Now I know his style I can hear who plays what on the new album and it seems Danny plays the most solos. The coolest Christian solo was on Azagthoth, that was great. He also does a melody type thing on the outro of Cephalopods which is beautiful.


----------



## Necropitated (May 11, 2018)

ArtHam said:


> Wow....hopefully I can do that someday. I only had some Skype lessons with Christian and Danny. Though that was cool too. It's funny how that came about because anytime I asked Christian about a part I loved he'd say: oh that wasn't me, that was Danny. And I'd never heard of him before. I was a bit skeptical when Christian said Danny is the best player he has ever heard, maybe he was just being nice. But then I saw Danny play the Hail Satan solo in one of the lessons and pretty much wanted to quit. He also did some Holdsworth stuff and showed me Spawn of Possession and gypsy jazz style things. Asked him to listen to something by Beyond Creation I wanted to learn and he listened maybe 2 times and just took his guitar and played it. Don't know how. I've been trying to schedule lessons with him again but his schedule seems to be full. Bummer. Though at least he still replies when I write him and ask something.
> 
> Now I know his style I can hear who plays what on the new album and it seems Danny plays the most solos. The coolest Christian solo was on Azagthoth, that was great. He also does a melody type thing on the outro of Cephalopods which is beautiful.



Danny has perfect pitch, that's one of the reasons he's so quick at it, apart from being a great guitar player. He's really nice.

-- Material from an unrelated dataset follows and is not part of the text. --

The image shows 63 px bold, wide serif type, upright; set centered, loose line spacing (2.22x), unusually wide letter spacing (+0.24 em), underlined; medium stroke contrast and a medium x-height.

One day he just wrote to me because he got an axe fx and we just chatted about that. Sent me a nice impulse response from Devin Townsend that's still my favorite ever since I stopped playing an axe fx.


----------



## ArtHam (May 11, 2018)

I loved reading that. It somehow always makes a band even cooler when you find out the people in it are also cool people.

On the other hand I've now listened to the album 4 more times and will continue to for a long time I'm sure. What an amazing, stunning, diverse piece of art this is. All the small issues I had with the Malkuth Grimoire (production, too many songs and some don't work as well as others) are gone. Even the songs I didn't like as much namely Azagthoth and the middle part for Chaos Theory and Practice work so well in this running order. This album for me makes the case that the album format is not dead by a long shot. And it's been a long time since I thought that.


----------



## ArtHam (May 14, 2018)

Listened to the album all weekend except when I listen to the new Ihsahn which I don't like a lot so far and again all day today. It's safe to say Rivers of Nihil, my previous favorite album so far this year has been relegated to second place. Honestly not even afraid I'm hyping this up too much. It's a game changer for me. Even if something else comes along this year that I'll end up liking more personally I'm sure nothing will come along that's this unique, fresh and groundbreaking.


----------



## takotakumi (May 17, 2018)

Full Stream by season of mist as of now


----------



## takotakumi (May 17, 2018)

I was able to listen to album a couple of days ago and yes mt AOTY prediction still holds haha
Quick thoughts:
As a whole I slightly prefer Malkuth Grimoire and I feel it's more "complete" in the sense
that it feels slightly more diverse having morean songs, hannes songs, Chris songs, and something in between.
To me personally, this new album is phenomenal but I missed the lack of Muenzer style songs. His solos are out of this world though.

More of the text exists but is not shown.